REQUIRED ACTION — In the records that follow, skip the pictures and print everything else exactly.

PROVIDED RECORDS —
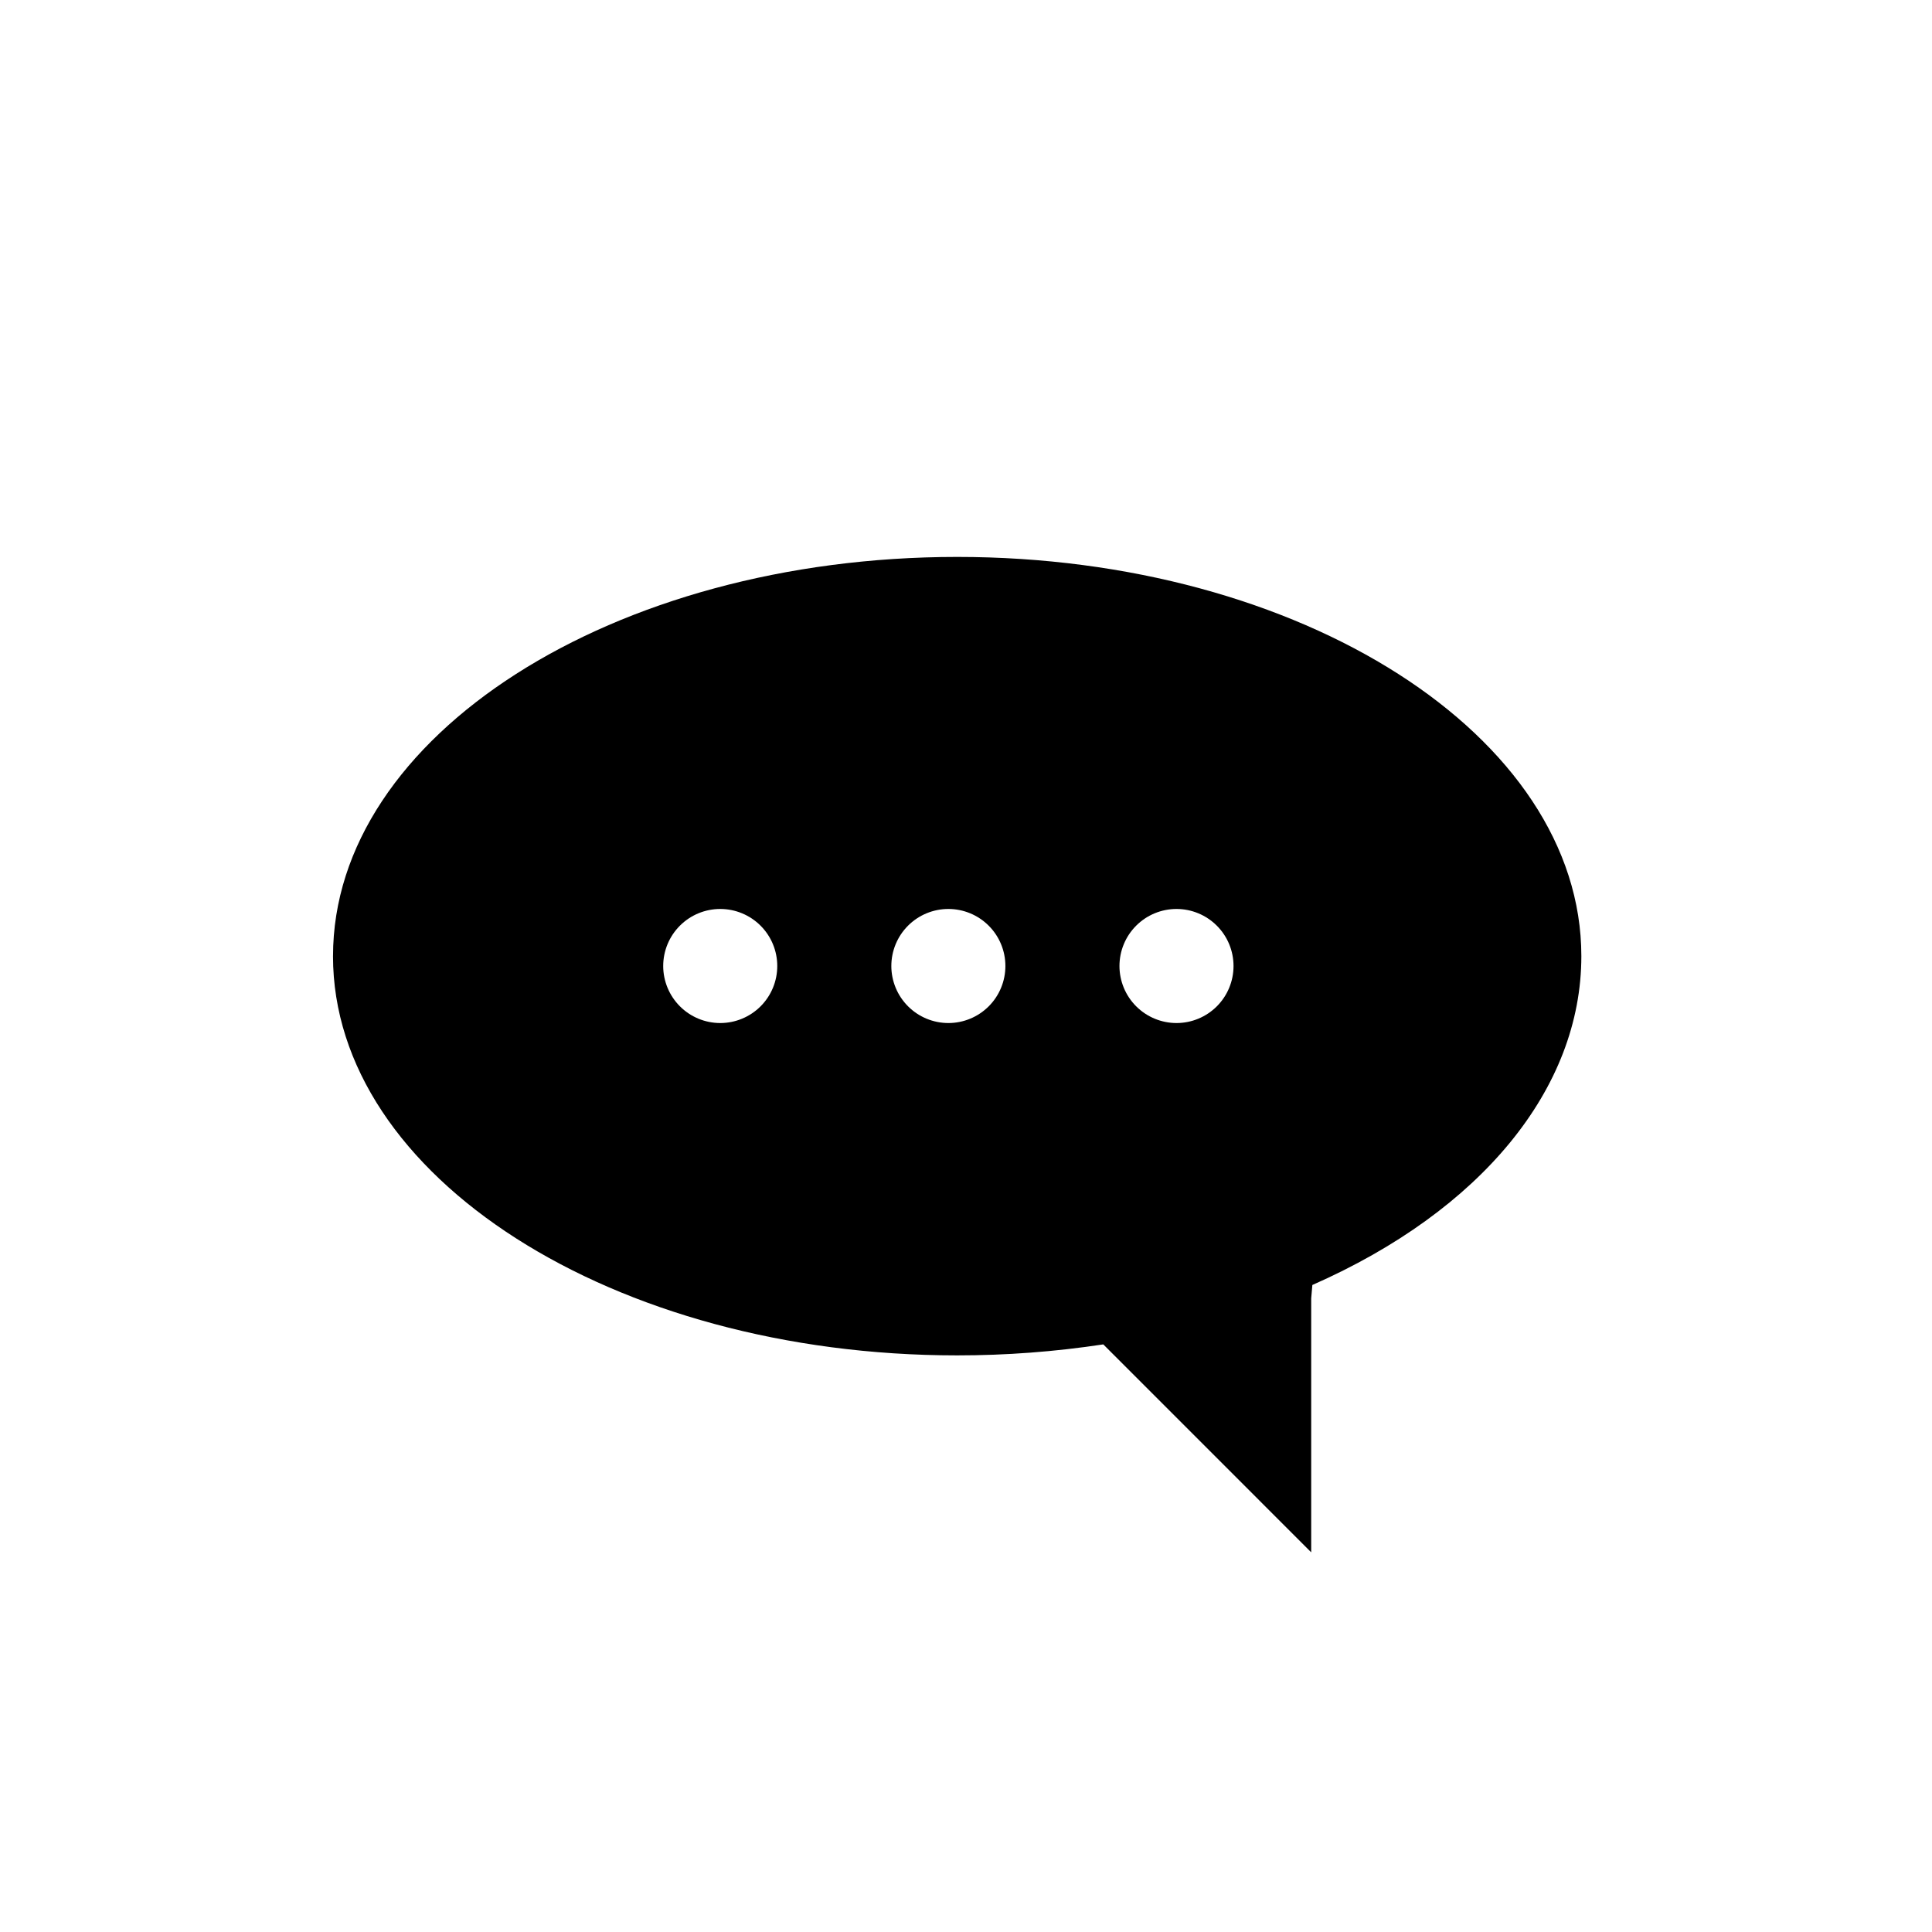 <?xml version="1.0" encoding="UTF-8"?>
<!-- Uploaded to: ICON Repo, www.svgrepo.com, Generator: ICON Repo Mixer Tools -->
<svg fill="#000000" width="800px" height="800px" version="1.1" viewBox="144 144 512 512" xmlns="http://www.w3.org/2000/svg">
 <path d="m232.25 397.39c0 58.34 74.203 105.8 165.41 105.8 12.965 0.004 25.906-0.973 38.723-2.914l55.098 55.102v-67.289l0.309-3.555c44.734-19.695 71.285-52.027 71.285-87.145 0-58.34-74.203-105.8-165.41-105.8-91.211 0-165.41 47.461-165.41 105.8zm208.42 2.613c0-4.012 1.594-7.856 4.426-10.688 2.836-2.836 6.68-4.43 10.688-4.43s7.852 1.594 10.688 4.43c2.836 2.832 4.426 6.676 4.426 10.688 0 4.008-1.59 7.852-4.426 10.688-2.836 2.832-6.68 4.426-10.688 4.426-4.008-0.004-7.848-1.598-10.684-4.434-2.832-2.832-4.426-6.676-4.43-10.68zm-60.457 0c0-4.012 1.59-7.856 4.426-10.688 2.836-2.836 6.68-4.43 10.688-4.43 4.008 0 7.852 1.594 10.688 4.43 2.836 2.832 4.426 6.676 4.426 10.688 0 4.008-1.59 7.852-4.426 10.688-2.836 2.832-6.68 4.426-10.688 4.426-4.008-0.004-7.848-1.598-10.684-4.434-2.832-2.832-4.426-6.676-4.43-10.68zm-60.457 0c0-4.012 1.59-7.856 4.426-10.688 2.836-2.836 6.68-4.43 10.688-4.43 4.008 0 7.852 1.594 10.688 4.43 2.836 2.832 4.426 6.676 4.426 10.688 0 4.008-1.59 7.852-4.426 10.688-2.836 2.832-6.68 4.426-10.688 4.426-4.008-0.004-7.848-1.598-10.684-4.434-2.832-2.832-4.426-6.676-4.43-10.68z"/>
</svg>

YOUR RESPONSE —
 <?xml version="1.0" encoding="UTF-8"?>
<!-- Uploaded to: ICON Repo, www.svgrepo.com, Generator: ICON Repo Mixer Tools -->
<svg fill="#000000" width="800px" height="800px" version="1.1" viewBox="144 144 512 512" xmlns="http://www.w3.org/2000/svg">
 <path d="m232.25 397.39c0 58.34 74.203 105.8 165.41 105.8 12.965 0.004 25.906-0.973 38.723-2.914l55.098 55.102v-67.289l0.309-3.555c44.734-19.695 71.285-52.027 71.285-87.145 0-58.34-74.203-105.8-165.41-105.8-91.211 0-165.41 47.461-165.41 105.8zm208.42 2.613c0-4.012 1.594-7.856 4.426-10.688 2.836-2.836 6.68-4.43 10.688-4.43s7.852 1.594 10.688 4.43c2.836 2.832 4.426 6.676 4.426 10.688 0 4.008-1.59 7.852-4.426 10.688-2.836 2.832-6.68 4.426-10.688 4.426-4.008-0.004-7.848-1.598-10.684-4.434-2.832-2.832-4.426-6.676-4.43-10.68zm-60.457 0c0-4.012 1.59-7.856 4.426-10.688 2.836-2.836 6.68-4.43 10.688-4.43 4.008 0 7.852 1.594 10.688 4.43 2.836 2.832 4.426 6.676 4.426 10.688 0 4.008-1.59 7.852-4.426 10.688-2.836 2.832-6.68 4.426-10.688 4.426-4.008-0.004-7.848-1.598-10.684-4.434-2.832-2.832-4.426-6.676-4.43-10.68zm-60.457 0c0-4.012 1.59-7.856 4.426-10.688 2.836-2.836 6.68-4.43 10.688-4.43 4.008 0 7.852 1.594 10.688 4.43 2.836 2.832 4.426 6.676 4.426 10.688 0 4.008-1.59 7.852-4.426 10.688-2.836 2.832-6.68 4.426-10.688 4.426-4.008-0.004-7.848-1.598-10.684-4.434-2.832-2.832-4.426-6.676-4.43-10.68z"/>
</svg>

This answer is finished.